Le chasseur de fake news, c’est lui
Le sous-traitant mandaté par Facebook reconnaît que la tâche est considérable
Les fausses nouvelles sur Facebook n’ont pas fini de se propager au Québec : notre Bureau d’enquête a découvert qu’à travers le Canada, une seule personne est mandatée par le populaire réseau social pour les débusquer.
Facebook, de loin le réseau social le plus populaire au monde avec ses 2,2 milliards d’utilisateurs, affirme compter sur un réseau international d’agences de vérification de faits pour contrer les fausses nouvelles, ou fake news. Ce réseau compterait à l’heure actuelle 51 partenaires basés dans 29 pays, dont huit aux États-unis, quatre en Indonésie et trois en France.
Le géant américain a annoncé en juin qu’il étendait au Canada ce programme de vérification des faits. Il a mandaté l’agence France Presse (AFP) pour accomplir cette tâche au pays.
PRIORITÉ À L’INTERNATIONAL
Depuis trois mois, la désinformation sur Facebook au Canada est donc sous la loupe de Louis Baudoin-laarman, un reporter bilingue de L’AFP basé à Montréal.
Celui-ci ne priorise pas nécessairement les nouvelles québécoises, ni même canadiennes, précise le directeur du bureau de L’AFP à Montréal, Éric Thomas.
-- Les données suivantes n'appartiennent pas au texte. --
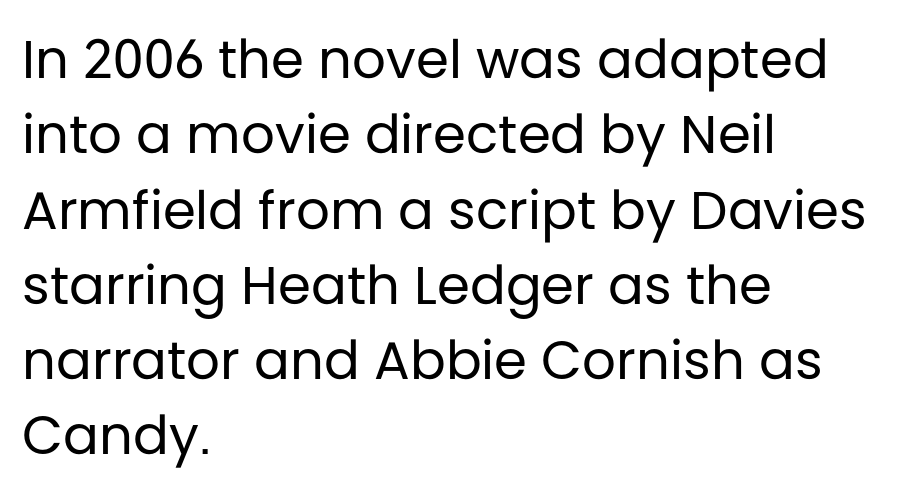
Regarding leading, the lines here are spaced in the standard way. Rule under the text: the space is simply empty. Caption: face not bold, strokes unweighted. You could not count columns in this text — the font is proportionally spaced. The passage shown is typeset with a sans-serif family.
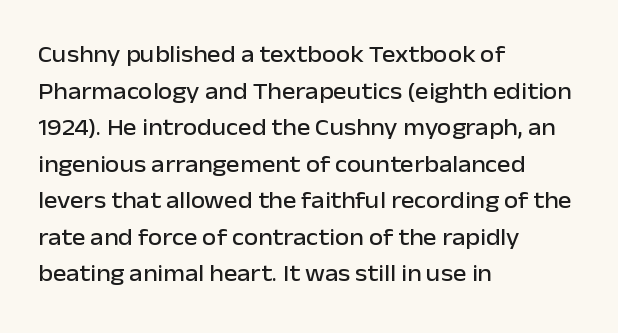
Rendered with straight, roman letterforms. Notice how the passage keeps a crisp vertical edge on the left only. A typesetter would call this leading conventional body-copy spacing. Is the letter spacing exaggerated? No — it looks like the ordinary default.
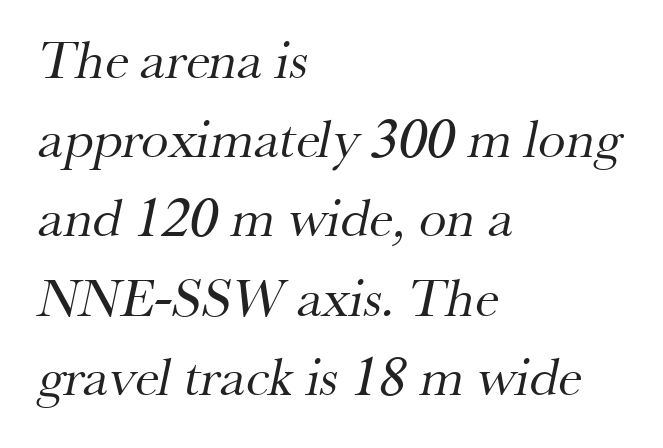
{"serif": "yes", "bold": "no", "weight": "regular", "width": "normal", "stroke_contrast": "medium", "x_height": "small", "monospaced": "no", "underline": "no", "align": "left", "line_spacing": "normal", "line_spacing_ratio": 1.44, "letter_spacing": "normal", "letter_spacing_em": 0.0, "glyph_px": 55}
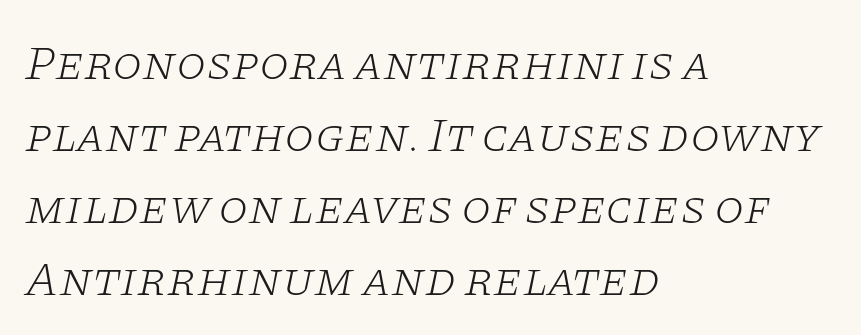
Q: Is the text bold? A: No.
Q: Is the text italic (slanted)? A: Yes, it leans right by about 11 degrees.
Q: Is the typeface a serif or a sans-serif typeface? A: Serif.
Q: Is the text underlined? A: No.
Q: How is the paragraph aligned? A: Left-aligned.
Q: Is the spacing between letters normal or unusually wide? A: Normal.
Q: Is the spacing between lines tight, normal or loose? A: Normal.
Q: Width (condensed, normal, or wide)? A: Wide.
Q: Stroke contrast? A: Low.
Q: x-height? A: Large.
Q: Monospaced? A: No.
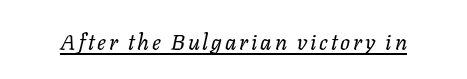
Q: Is the text bold? A: No.
Q: Is the text italic (slanted)? A: Yes, it leans right by about 11 degrees.
Q: Is the text underlined? A: Yes.
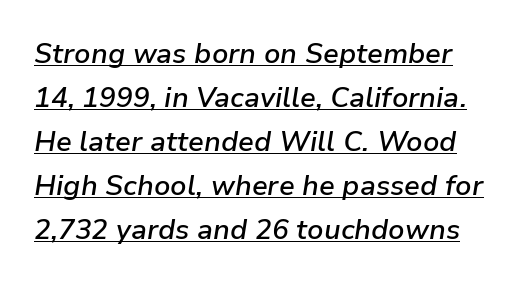
{"italic": "yes", "lean": "right", "slant_degrees": 9, "bold": "semi", "weight": "semibold", "width": "normal", "stroke_contrast": "low", "x_height": "medium", "monospaced": "no", "underline": "yes", "line_spacing": "normal", "line_spacing_ratio": 1.57, "letter_spacing": "normal", "letter_spacing_em": 0.0, "glyph_px": 28}

« On couvre l’actualité pour un public international et pour le fact checking, c’est un peu pareil. Il faut que ça parle aux gens qui vont aussi nous lire en Afrique », souligne-t-il.
JUSQU’À 1500 PAR JOUR
En entrevue, M. Baudoin-laarman explique avoir accès à la base de données Facebook de toutes les présumées fausses nouvelles signalées par le public canadien, soit entre 400 et 1500 articles par jour. Il doit d’abord en faire le tri, ce qui représente déjà une tâche considérable.
« ll y en a beaucoup qui ne sont pas des fake news, mais juste des signalements de la part de gens qui n’approuvent pas des opinions contenues dans des articles », raconte-t-il.
Après ce premier tamisage, le journaliste puise dans le bassin de « vraies fausses nouvelles » celles qu’il souhaite déboulonner. Seules celles susceptibles d’avoir une grande portée sont ainsi neutralisées.
Si un internaute décide malgré tout de partager ces fausses nouvelles sur Facebook, les corrections de L’AFP apparaissent à l’écran en guise d’avertissement. Les contenus pris en faute ne sont donc pas systématiquement effacés, sauf si leurs auteurs en prennent l’initiative.
D’ailleurs, L’AFP tient un blogue bilingue où l’on peut consulter toutes les fausses nouvelles mises à jour. On n’y retrouve que quelques exemples canadiens (surtout en anglais) depuis décembre dernier.
Le journaliste canadien souvent crédité comme étant l’inventeur de l’expression « fake news », Craig Silverman, déplore le fait que ce mandat ait été confié à un organisme étranger.
« Ce n’est pas une source que le Canadien moyen lit beaucoup, donc il serait impératif que les grands médias d’ici commencent à penser à tout ça. »
PAS SUFFISANT
Le président de la Fédération professionnelle des journalistes du Québec abonde dans le même sens.
« L’AFP est une organisation extrêmement crédible, mais une personne, ce n’est clairement pas suffisant », estime Stéphane Giroux.
Ce dernier ajoute que les fausses nouvelles deviennent plus nombreuses et plus difficiles à identifier.